2. Associé SEP (société en participation, art. 1871 et s. C. civ.) Vous êtes associé dans une structure sans personnalité morale. Vous avez des droits sur les bénéfices et les pertes selon les termes du contrat. La dissolution peut intervenir à tout moment (si durée indéterminée) par notification. Votre responsabilité dépend de la qualité en laquelle vous avez agi vis-à-vis des tiers.
3. Copropriétaire exploitant (association de carrière avec part de propriété) Vous êtes à la fois propriétaire civil du cheval et participant à l'exploitation de sa carrière. Vous avez la qualité de coexploitant au sens fiscal (BOFiP BOI-BNC-SECT-60-20). Vous participez aux décisions d'exploitation et êtes solidairement responsable des sommes dues aux sociétés de courses.
4. Participant à une association de carrière sans part de propriété Vous participez financièrement à l'exploitation de la carrière sans être propriétaire civil du cheval. Vos droits sont purement contractuels et économiques. Vous n'avez aucun droit sur le cheval lui-même en cas de vente ou de dissolution. Votre situation doit être expressément documentée dans la déclaration d'association.

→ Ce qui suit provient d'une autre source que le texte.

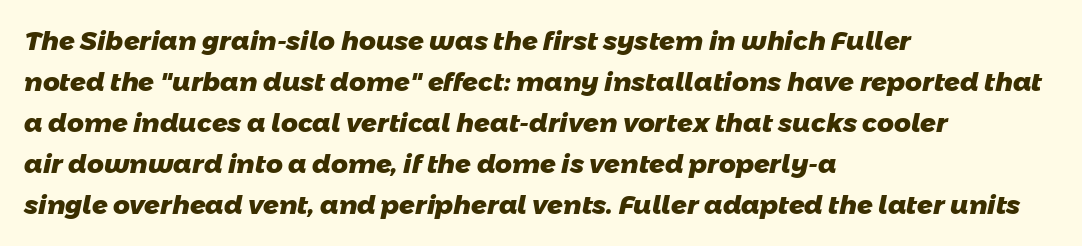
Q: Is the text bold? A: Yes.
Q: Is the text underlined? A: No.
Q: How is the paragraph aligned? A: Left-aligned.
Q: Is the spacing between letters normal or unusually wide? A: Normal.
Q: Is the spacing between lines tight, normal or loose? A: Normal.

| Qualification | Régime juridique | Responsabilité | Fiscalité | Sortie du montage |
|---|---|---|---|---|
| Indivisaire |
Indivision conventionnelle Articles 1873-1 et suivants du Code civil |
Responsabilité à apprécier selon la nature de la dette et les engagements souscrits par les indivisaires. | Transparence fiscale selon la structure retenue et imposition en fonction de la situation propre du détenteur. |
Principe : nul ne peut être contraint à demeurer dans l’indivision. Le partage peut être demandé, sous réserve notamment d’une convention d’indivision applicable. |
| Associé d’une SEP |
Société en participation Articles 1871 et suivants du Code civil |
Dépend notamment des actes accomplis par chaque associé et des conditions dans lesquelles il s’est présenté à l’égard des tiers. | Régime fiscal à déterminer selon la structure, l’activité exercée et la qualité de chaque participant. | Pour une SEP à durée indéterminée, dissolution possible par notification d’un associé, sous réserve de bonne foi et d’absence de contretemps. |
| Copropriétaire exploitant | Association de carrière avec détention d’une quote-part de propriété du cheval. | Dépend des engagements contractuels, des règles de l’association et des règlements applicables aux courses. |
Qualité de coexploitant au regard de la doctrine fiscale. Imposition de la quote-part selon la situation propre du détenteur et l’article 238 bis K du CGI. |
Cession de la quote-part, rachat par les autres participants ou vente du cheval selon les règles de propriété et les stipulations contractuelles. |
| Participant sans part de propriété | Association de carrière reposant sur une participation contractuelle et économique, sans quote-part de propriété civile sur le cheval. | Déterminée par les engagements financiers et obligations prévus par le contrat d’association. | Imposition à apprécier selon la nature des droits détenus, la situation du participant et son degré d’implication. | Sortie organisée principalement par le contrat. L’absence de propriété du cheval exclut les droits réels du copropriétaire, sous réserve des droits économiques expressément prévus au contrat. |
Mon analyse - Me Noémie Le Bouard
La qualification n'est pas un détail technique réservé aux juristes. Elle détermine concrètement ce qui se passe si le cheval est vendu, si un associé décède, si un désaccord survient sur l'entraîneur, ou si l'un des participants veut sortir du montage. J'ai traité des dossiers où des participants croyaient être copropriétaires alors qu'ils n'avaient signé qu'un contrat de participation financière sans droit de propriété sur l'animal. Résultat : aucun droit sur le produit de la vente du cheval. Lisez toujours votre contrat avec un avocat expérimenté avant de signer.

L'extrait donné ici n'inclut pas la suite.